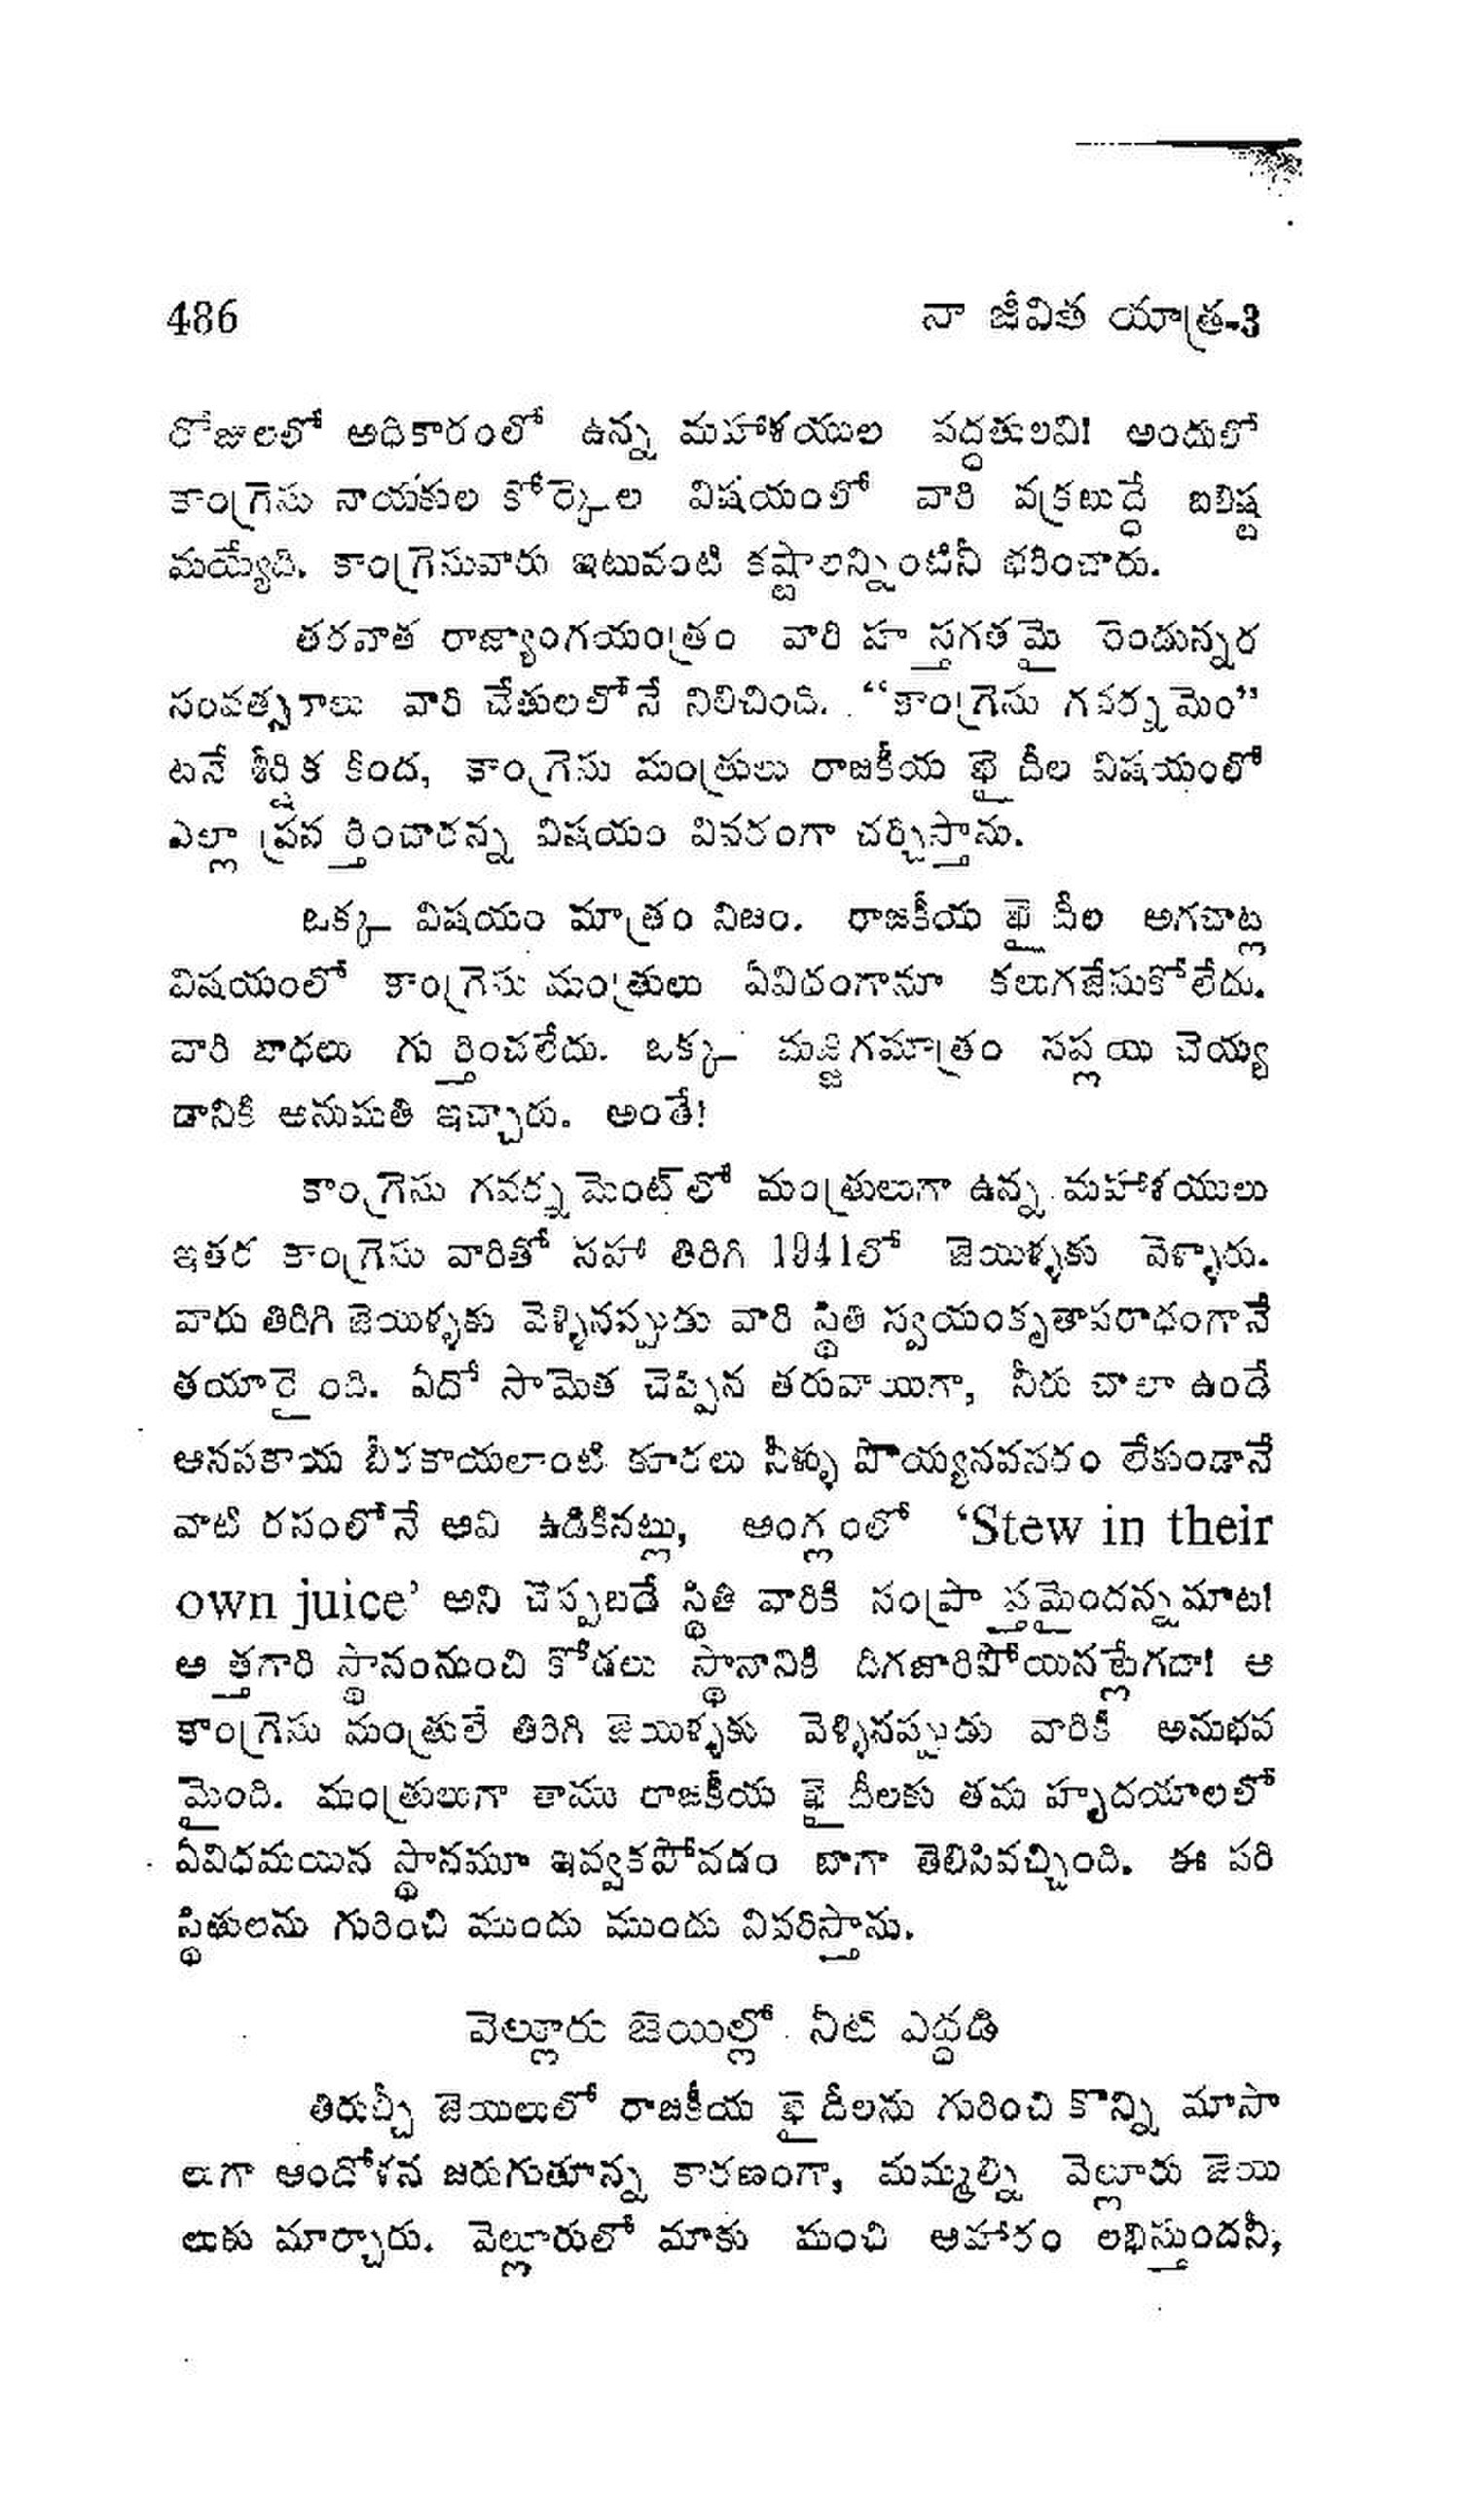రోజులలో అధికారంలో ఉన్న మహాశయుల పద్ధతులవి! అందులో కాంగ్రెసు నాయకుల కోర్కెల విషయంలో వారి వక్రబుద్దే బలిష్టమయ్యేది. కాంగ్రెసువారు ఇటువంటి కష్టాలన్నింటినీ భరించారు.

తరవాత రాజ్యాంగయంత్రం వారి హస్తగతమై రెండున్నర సంవత్సరాలు వారి చేతులలోనే నిలిచింది. "కాంగ్రెసు గవర్నమెం"టనే శీర్షిక కింద, కాంగ్రెసు మంత్రులు రాజకీయ ఖైదీల విషయంలో ఎల్లా ప్రవర్తించారన్న విషయం వివరంగా చర్చిస్తాను.

ఒక్క విషయం మాత్రం నిజం. రాజకీయ ఖైదీల అగచాట్ల విషయంలో కాంగ్రెసు మంత్రులు ఏవిధంగానూ కలుగజేసుకోలేదు. వారి బాధలు గుర్తించలేదు. ఒక్క మజ్జిగమాత్రం సప్లయి చెయ్యడానికి అనుమతి ఇచ్చారు. అంతే!

కాంగ్రెసు గవర్నమెంట్‌లో మంత్రులుగా ఉన్న మహాశయులు ఇతర కాంగ్రెసు వారితో సహా తిరిగి 1941 లో జెయిళ్ళకు వెళ్ళారు. వారు తిరిగి జెయిళ్ళకు వెళ్ళినప్పుడు వారి స్థితి స్వయంకృతాపరాధంగానే తయారైంది. ఏదో సామెత చెప్పిన తరువాయిగా, నీరు చాలా ఉండే అనపకాయ బీరకాయలాంటి కూరలు నీళ్ళు పొయ్యనవసరం లేకుండానే వాటి రసంలోనే అవి ఉడికినట్లు, ఆంగ్లంలో 'Stew in their own juice' అని చెప్పబడే స్థితి వారికి సంప్రాప్తమైందన్నమాట! అత్తగారి స్థానంనుంచి కోడలు స్థానానికి దిగజారిపోయినట్లే గదా! ఆ కాంగ్రెసు మంత్రులే తిరిగి జెయిళ్ళకు వెళ్ళినప్పుడు వారికి అనుభవమైంది. మంత్రులుగా తాము రాజకీయ ఖైదీలకు తమ హృదయాలలో ఏవిధమయిన స్థానమూ ఇవ్వకపోవడం బాగా తెలిసివచ్చింది. ఈ పరిస్థితులను గురించి ముందు ముందు వివరిస్తాను.

తిరుచ్చీ జెయిలులో రాజకీయ ఖైదీలను గురించి కొన్ని మాసాలుగా ఆందోళన జరుగుతూన్న కారణంగా, మమ్మల్ని వెల్లూరు జెయిలుకు మార్చారు. వెల్లూరులో మాకు మంచి ఆహారం లభిస్తుందనీ,
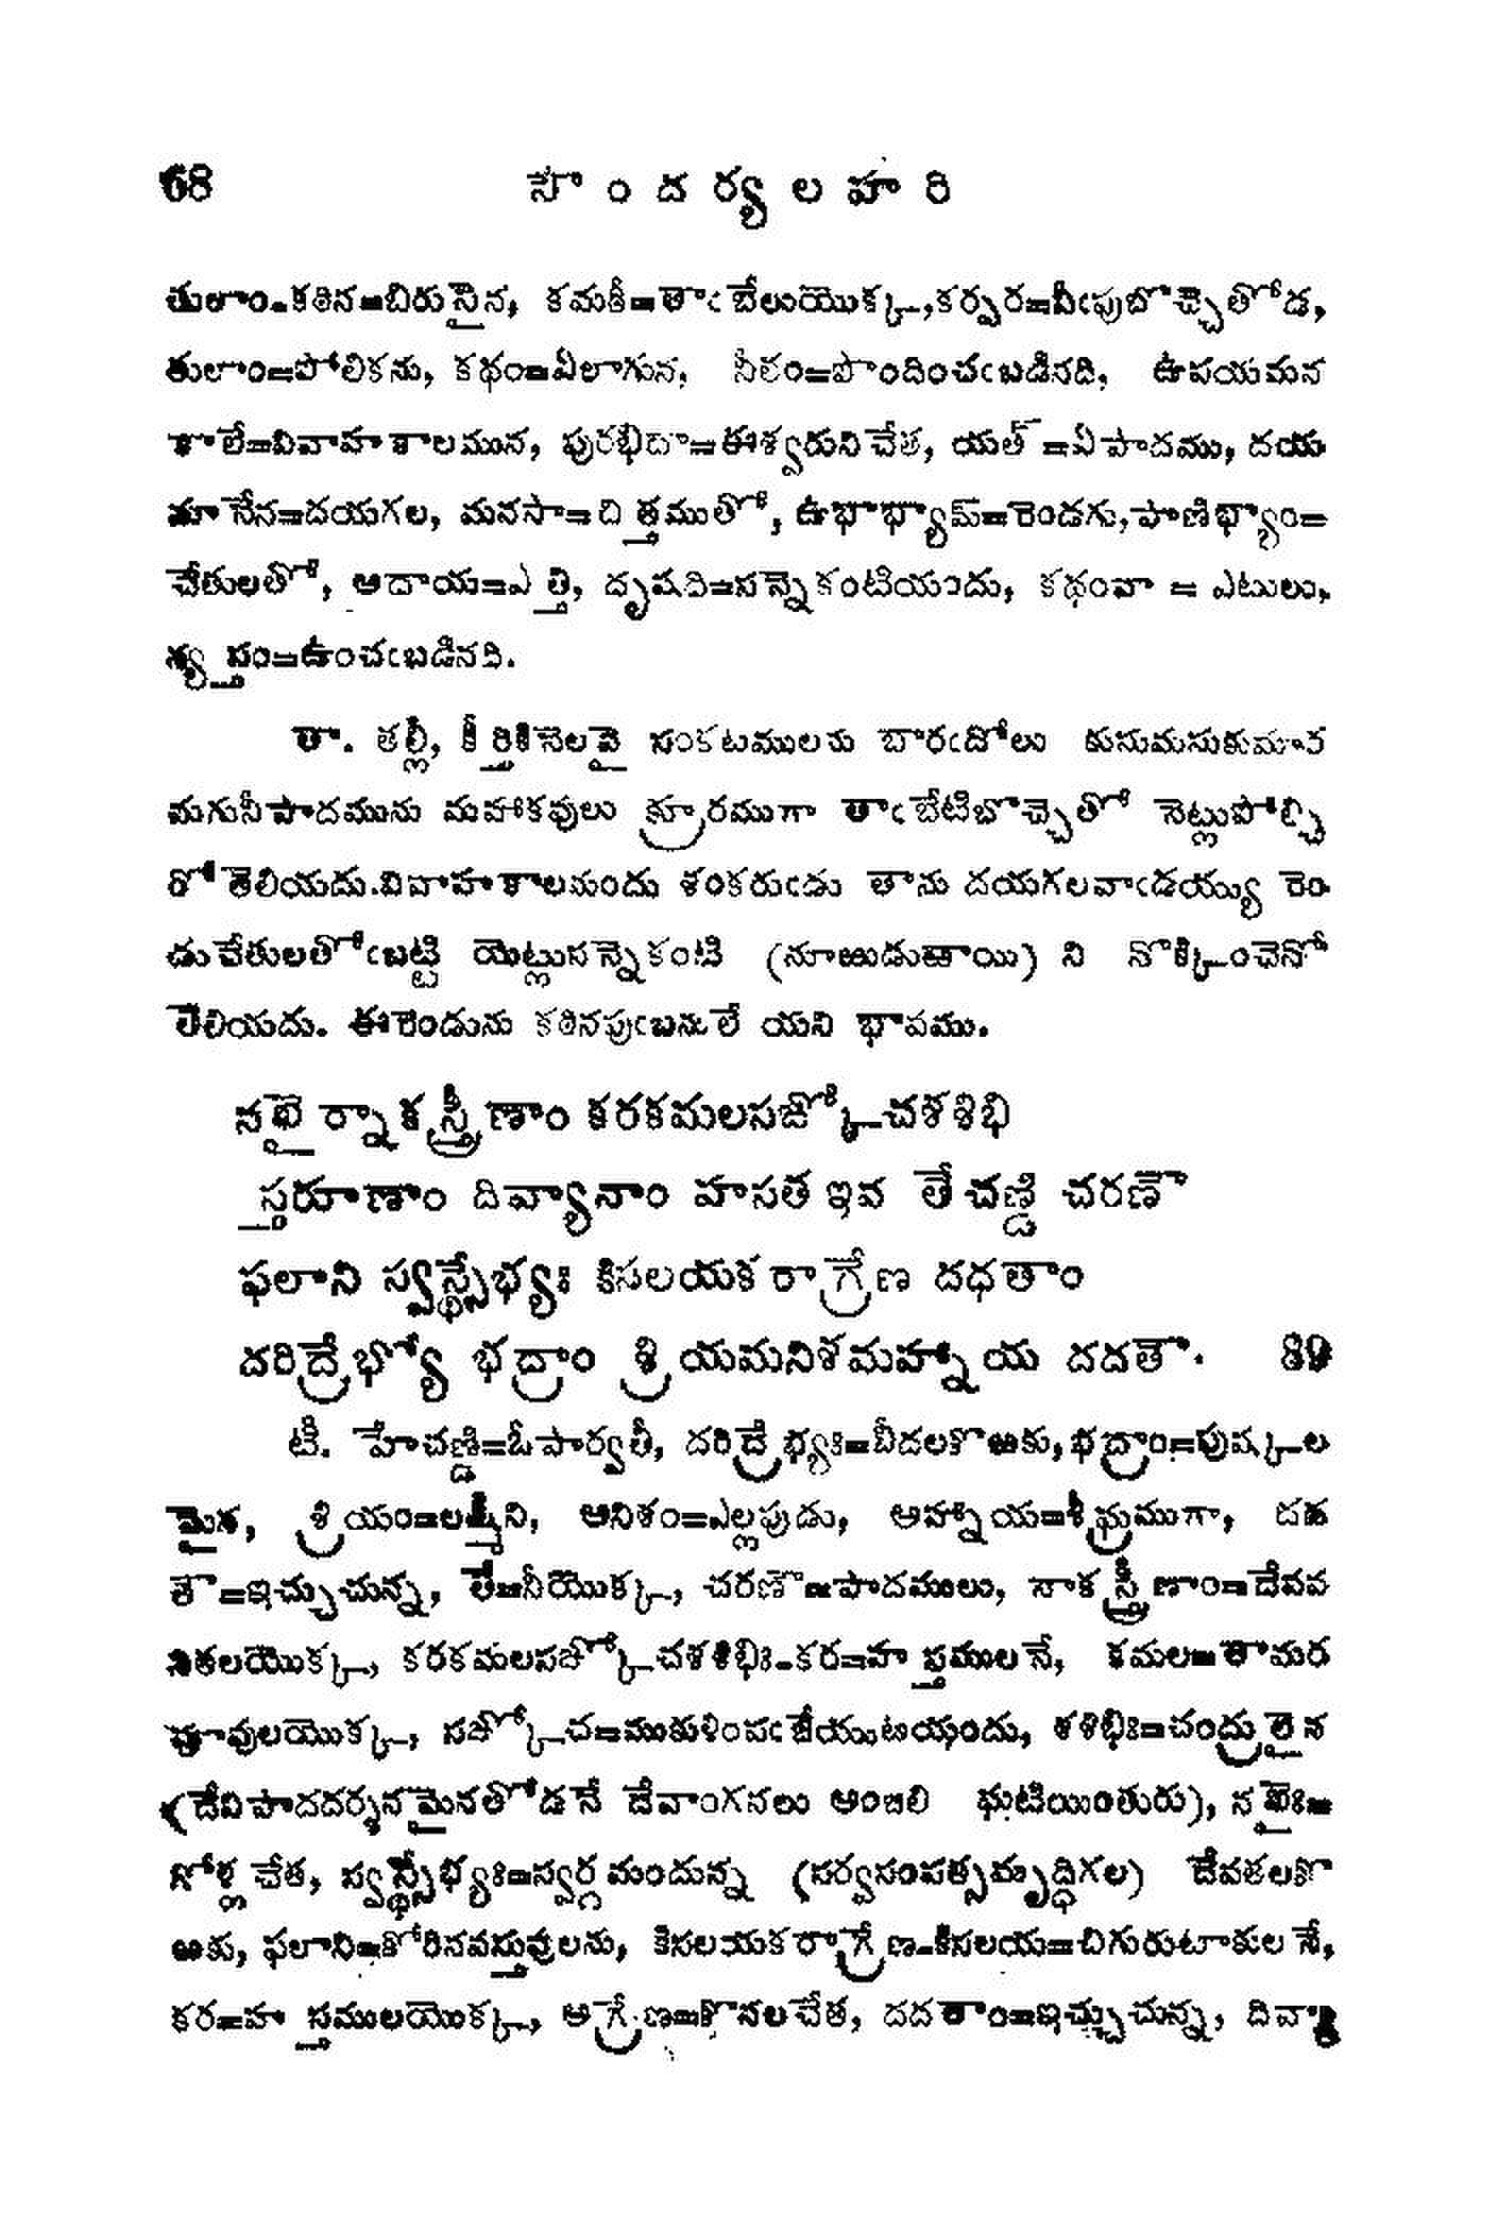తులాం-కఠిన = బిరుసైన, కమఠీ = తాఁబేలుయొక్క, కర్పర = వీఁపుబొచ్చెతోడ, తులాం = పోలికను, కథం = ఏలాగున, నీతం = పొందించఁబడినది, ఉపయమనకాలే = వివాహకాలమున, పురభిదా = ఈశ్వరునిచేత, యత్ = ఏపాదము, దయమానేన = దయగల, మనసా = చిత్తముతో, ఉభాభ్యామ్ = రెండగు, పాణిభ్యాం = చేతులతో, అదాయ = ఎత్తి, దృషది = సన్నెకంటియందు, కథంవా = ఎటులు, న్యస్తం = ఉంచఁబడినది.

తా. తల్లీ, కీర్తికినెలవై సంకటములను బారఁదోలు కుసుమసుకుమారమగు నీపాదమును మహాకవులు క్రూరముగా తాఁబేటిబొచ్చెతో నెట్లుపోల్చిరో తెలియదు. వివాహకాలమందు శంకరుఁడు తాను దయగలవాఁడయ్యు రెండుచేతులతోఁబట్టి యెట్లుసన్నెకంటి (నూఱుడుఱాయి) ని నొక్కించెనో తెలియదు. ఈరెండును కఠినపుఁబనులే యని భావము.

నఖైర్నాకస్త్రీణాం కరకమలసఙ్కోచశశిభి
స్తరూణాం దివ్యానాం హసత ఇవ తే చణ్డి చరణౌ
ఫలాని స్వస్స్థేభ్యః కిసలయకరాగ్రేణ దధతాం
దరిద్రేభ్యో భద్రాం శ్రియమనిశమహ్నాయ దదతౌ. 89
టీ. హేచణ్డి = ఓపార్వతీ, దరిద్రేభ్యః = బీదలకొఱకు, భద్రాం = పుష్కలమైన, శ్రియం = లక్ష్మిని, అనిశం = ఎల్లపుడు, అహ్నాయ = శీఘ్రముగా, దక్షతౌ = ఇచ్చుచున్న, తే = నీయొక్క, చరణౌ = పాదములు, నాకస్త్రీణాం = దేవవనితలయొక్క, కరకమలసఙ్కోచశశిభిః-కర = హస్తముల నే, కమల = తామరపూవులయొక్క, సఙ్కోచ = ముకుళింపఁజేయుటయందు, శశిభిః = చంద్రులైన (దేవిపాదదర్శనమైనతోడనే దేవాంగనలు అంజలి ఘటింతురు), నఖైః = గోళ్ల చేత, స్వస్స్థేభ్యః = స్వర్గమందున్న (సర్వసంపత్సమృద్ధిగల) దేవతలకొఱకు, ఫలాని = కోరినవస్తువులను, కిసలయకరాగ్రేణ-కిసలయ = చిగురుటాకులనే, కర = హస్తములయొక్క, అగ్రేణ = కొనలచేత, దదతాం = ఇచ్చుచున్న, దివ్యా

★ ★ ★

What the exercise asks → Your response should be made up of the lines in the data that contain the word "సలయకర".

Task answer →
ఫలాని స్వస్స్థేభ్యః కిసలయకరాగ్రేణ దధతాం
టీ. హేచణ్డి = ఓపార్వతీ, దరిద్రేభ్యః = బీదలకొఱకు, భద్రాం = పుష్కలమైన, శ్రియం = లక్ష్మిని, అనిశం = ఎల్లపుడు, అహ్నాయ = శీఘ్రముగా, దక్షతౌ = ఇచ్చుచున్న, తే = నీయొక్క, చరణౌ = పాదములు, నాకస్త్రీణాం = దేవవనితలయొక్క, కరకమలసఙ్కోచశశిభిః-కర = హస్తముల నే, కమల = తామరపూవులయొక్క, సఙ్కోచ = ముకుళింపఁజేయుటయందు, శశిభిః = చంద్రులైన (దేవిపాదదర్శనమైనతోడనే దేవాంగనలు అంజలి ఘటింతురు), నఖైః = గోళ్ల చేత, స్వస్స్థేభ్యః = స్వర్గమందున్న (సర్వసంపత్సమృద్ధిగల) దేవతలకొఱకు, ఫలాని = కోరినవస్తువులను, కిసలయకరాగ్రేణ-కిసలయ = చిగురుటాకులనే, కర = హస్తములయొక్క, అగ్రేణ = కొనలచేత, దదతాం = ఇచ్చుచున్న, దివ్యా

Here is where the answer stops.